The C code discussed in the previous section relies on the GSL only for the generation of (non-uniform) random numbers. Obviously R has its own very sophisticated system for handling random numbers and it is possible to use this system from within externally called C code using the R API. In particular, C versions of functions such as rnorm() and rgamma() can be called in C by including Rmath.h. Below is a version of the C code previously given modified to use the R random number generation routines and to remove all dependence on the GSL.

#include <stdio.h>
#include <math.h>
#include <stdlib.h>
#include <R.h>
#include <Rmath.h>

void gibbsR(int *Np,int *thinp,double *xvec,double *yvec)
{
  int i,j;
  int N=*Np,thin=*thinp;
  GetRNGstate();
  double x=0;
  double y=0;
  for (i=0;i<N;i++) {
    for (j=0;j<thin;j++) {
      x=rgamma(3.0,1.0/(y*y+4));
      y=rnorm(1.0/(x+1),1.0/sqrt(x+1));
    }
    xvec[i]=x; yvec[i]=y;
  }
  PutRNGstate();
}

Note that a call to GetRNGstate() must be made before calling any random number functions and that a call to PutRNGstate() must be called before the function returns control back to R. This code can be compiled with a command like

R CMD SHLIB dynamicR.c

and linked into R with a command like

dyn.load(file.path(".",paste("dynamicR",.Platform$dynlib.ext,sep="")))

An appropriate wrapper for this code is given below:

dynamicR<-function(n=10000,thin=500)
{
  tmp=.C("gibbsR",as.integer(n),as.integer(thin),
                x=as.double(1:n),y=as.double(1:n))
  mat=cbind(1:n,tmp$x,tmp$y) 
  colnames(mat)=c("Iter","x","y")
  mat
}

This code is now slightly simpler, and the lack of dependence on external libraries such as the GSL makes it much easier to integrate into R packages, should this be desired.

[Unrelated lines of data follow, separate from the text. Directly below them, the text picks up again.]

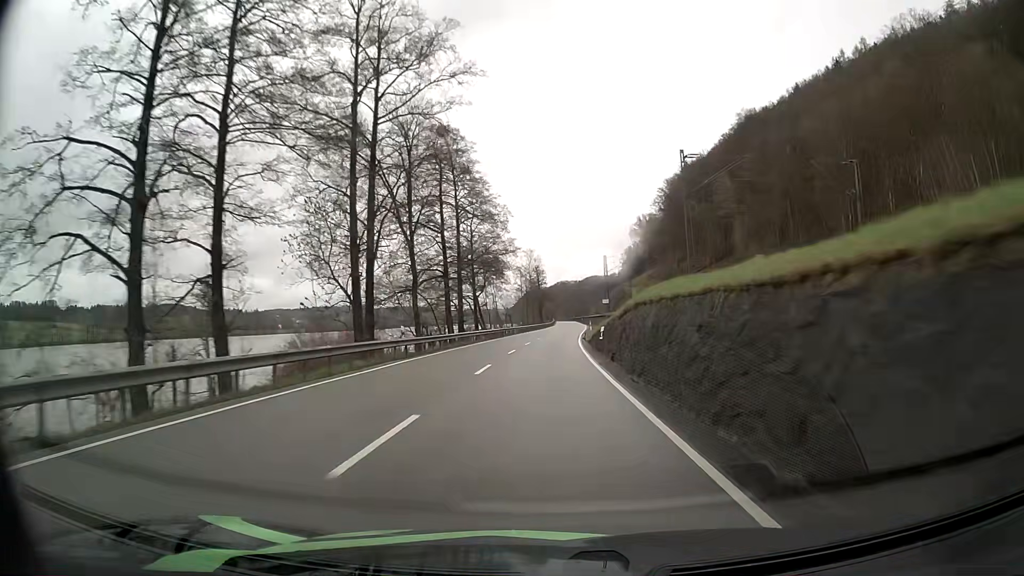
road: primary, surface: asphalt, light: Day
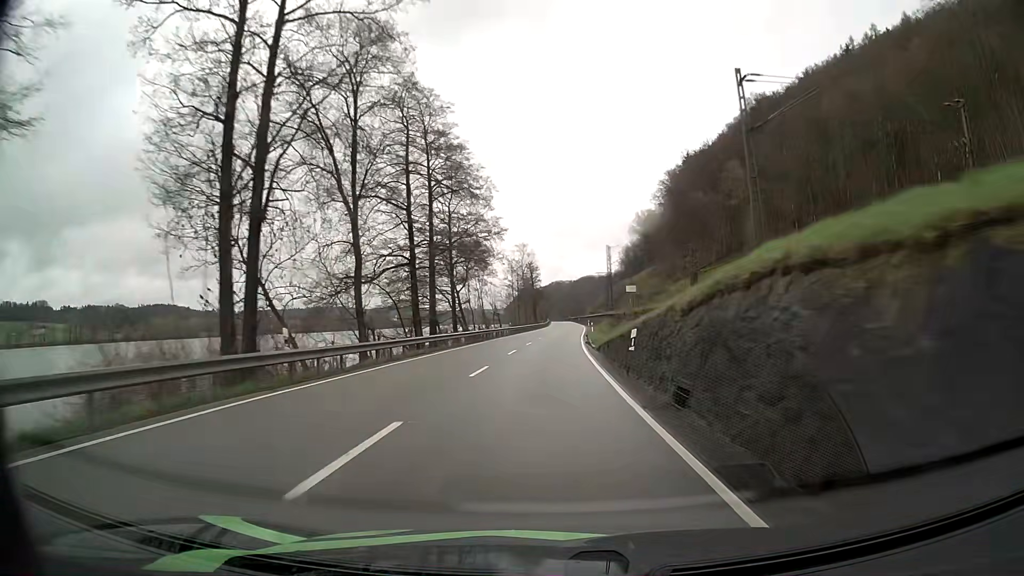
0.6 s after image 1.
(+0.1, +12.7) m; +1°
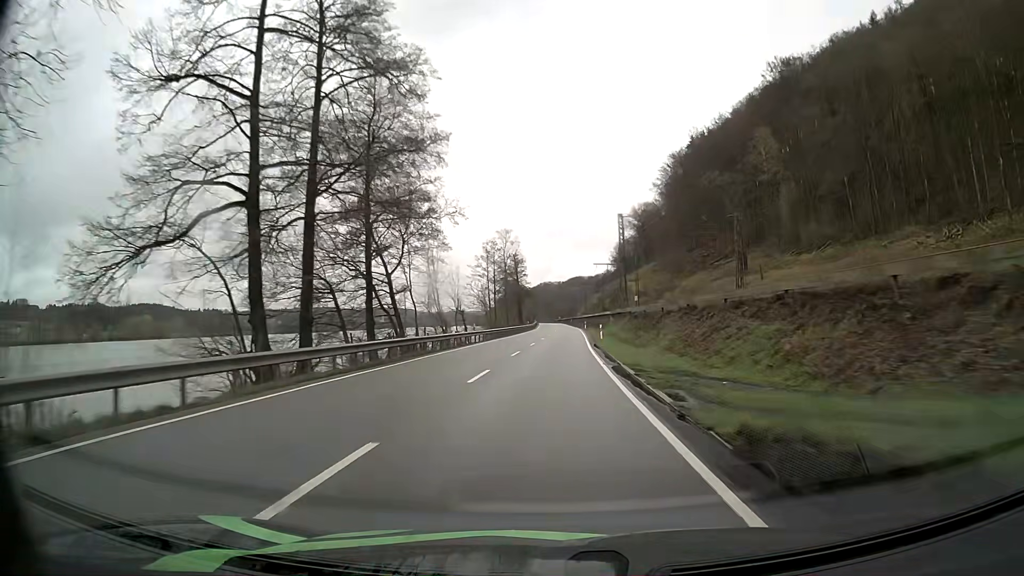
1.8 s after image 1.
(+0.1, +25.5) m; +1°
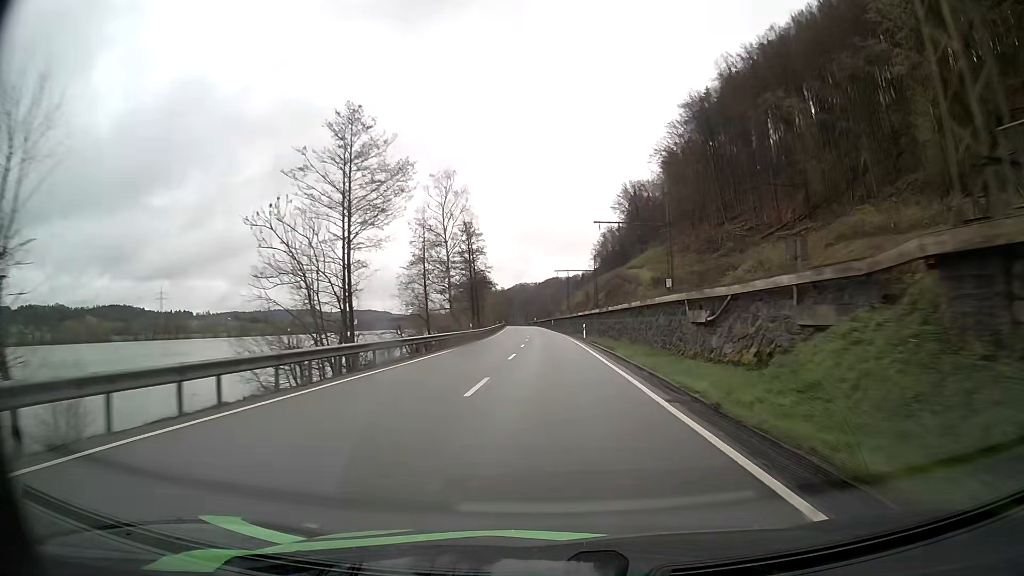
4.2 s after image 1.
(+1.0, +50.8) m; +2°
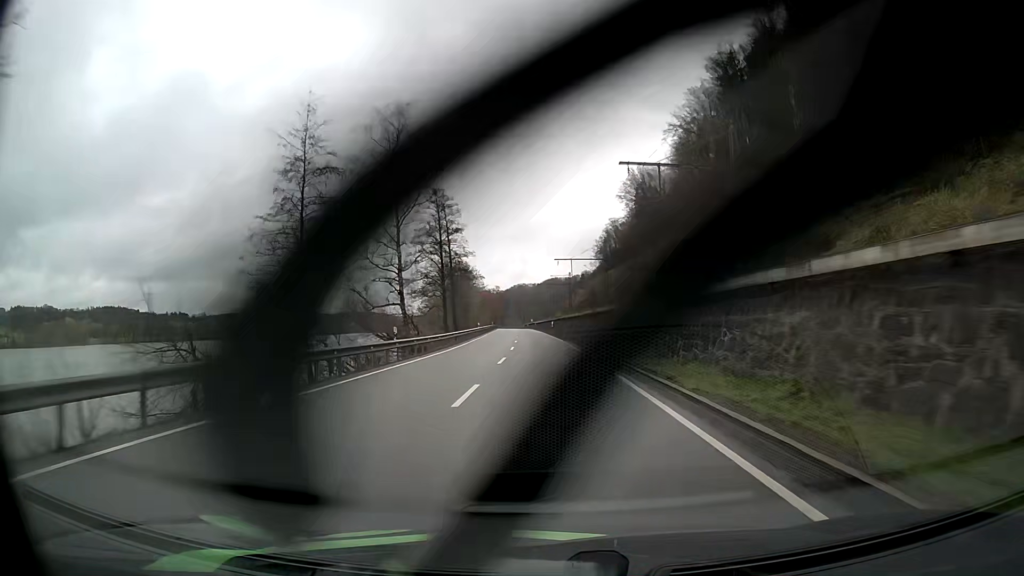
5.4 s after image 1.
(+0.1, +25.3) m; 0°
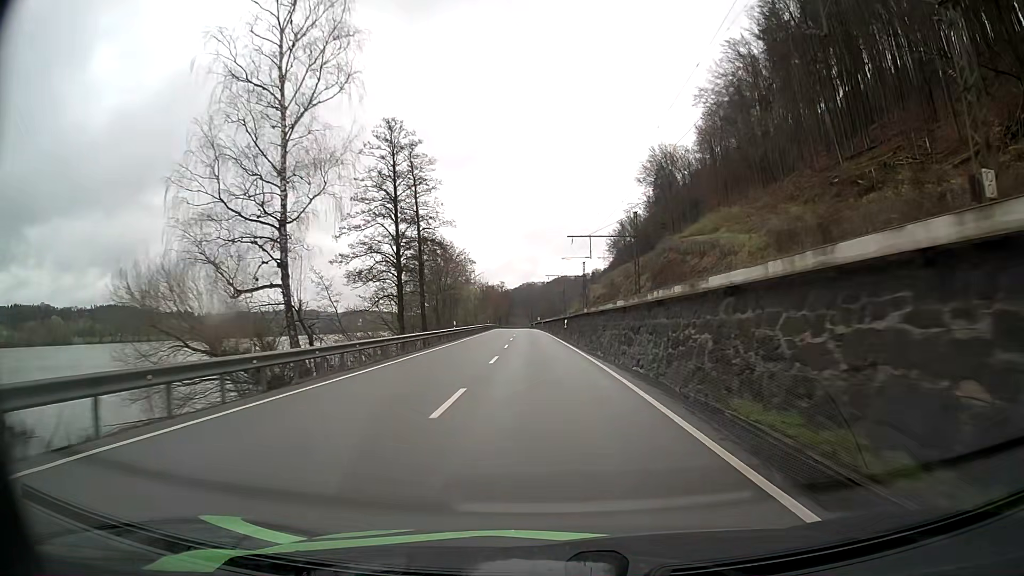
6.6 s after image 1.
(-0.2, +25.3) m; -1°
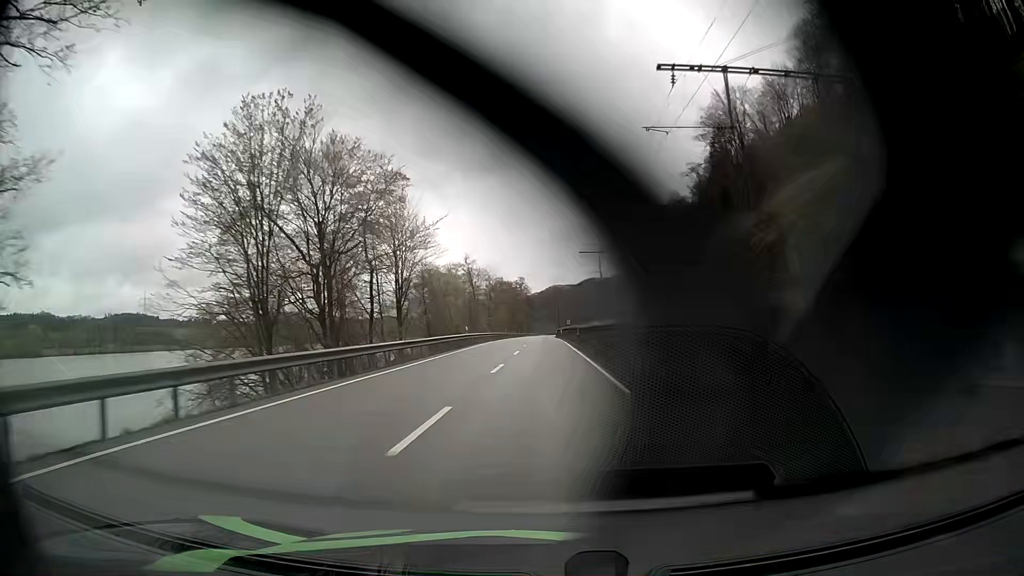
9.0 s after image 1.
(-1.0, +50.6) m; -2°
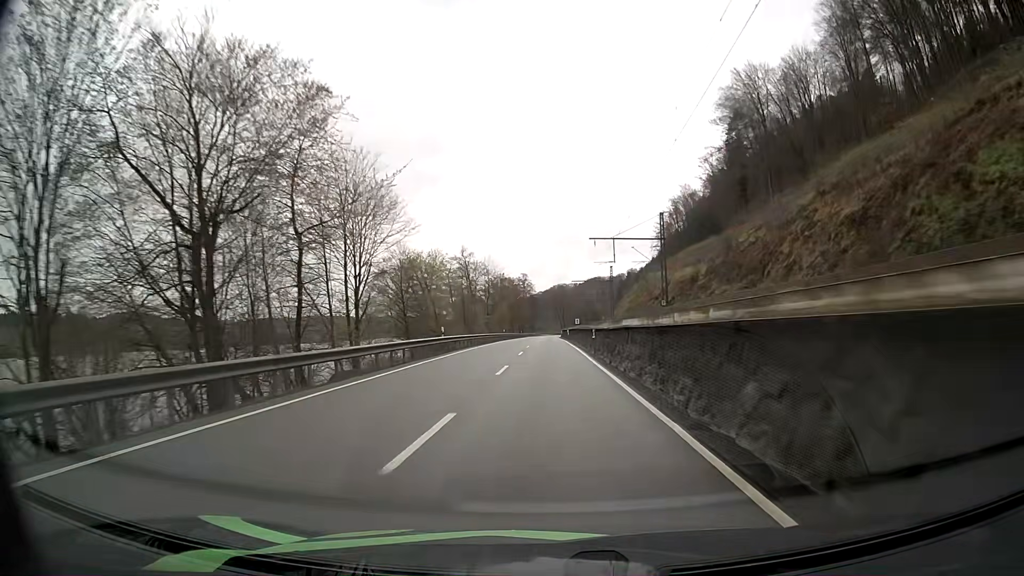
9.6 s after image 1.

Summary and further reading

Foreign language interfaces are a notoriously complex subject and this post has obviously just scratched the surface of the problem. For a few more examples, first see my old computer practicals on Stochastic simulation in R and C. The examples are a bit out of date, but easy to fix. Also see a howto by the Flemish Supercomputing Centre on a similar topic to this one. For more detailed information, see the manual on Writing R extensions, especially the sections on Foreign language interfaces and the R API. I also find Chapter 6 of R Programming for Bioinformatics to be a useful introduction to more complex aspects.

I have also somewhat belatedly re-discovered Charlie Geyer‘s notes on Calling C and Fortran from R, which covers very similar ground to this post. They were probably the unconscious inspiration for this post…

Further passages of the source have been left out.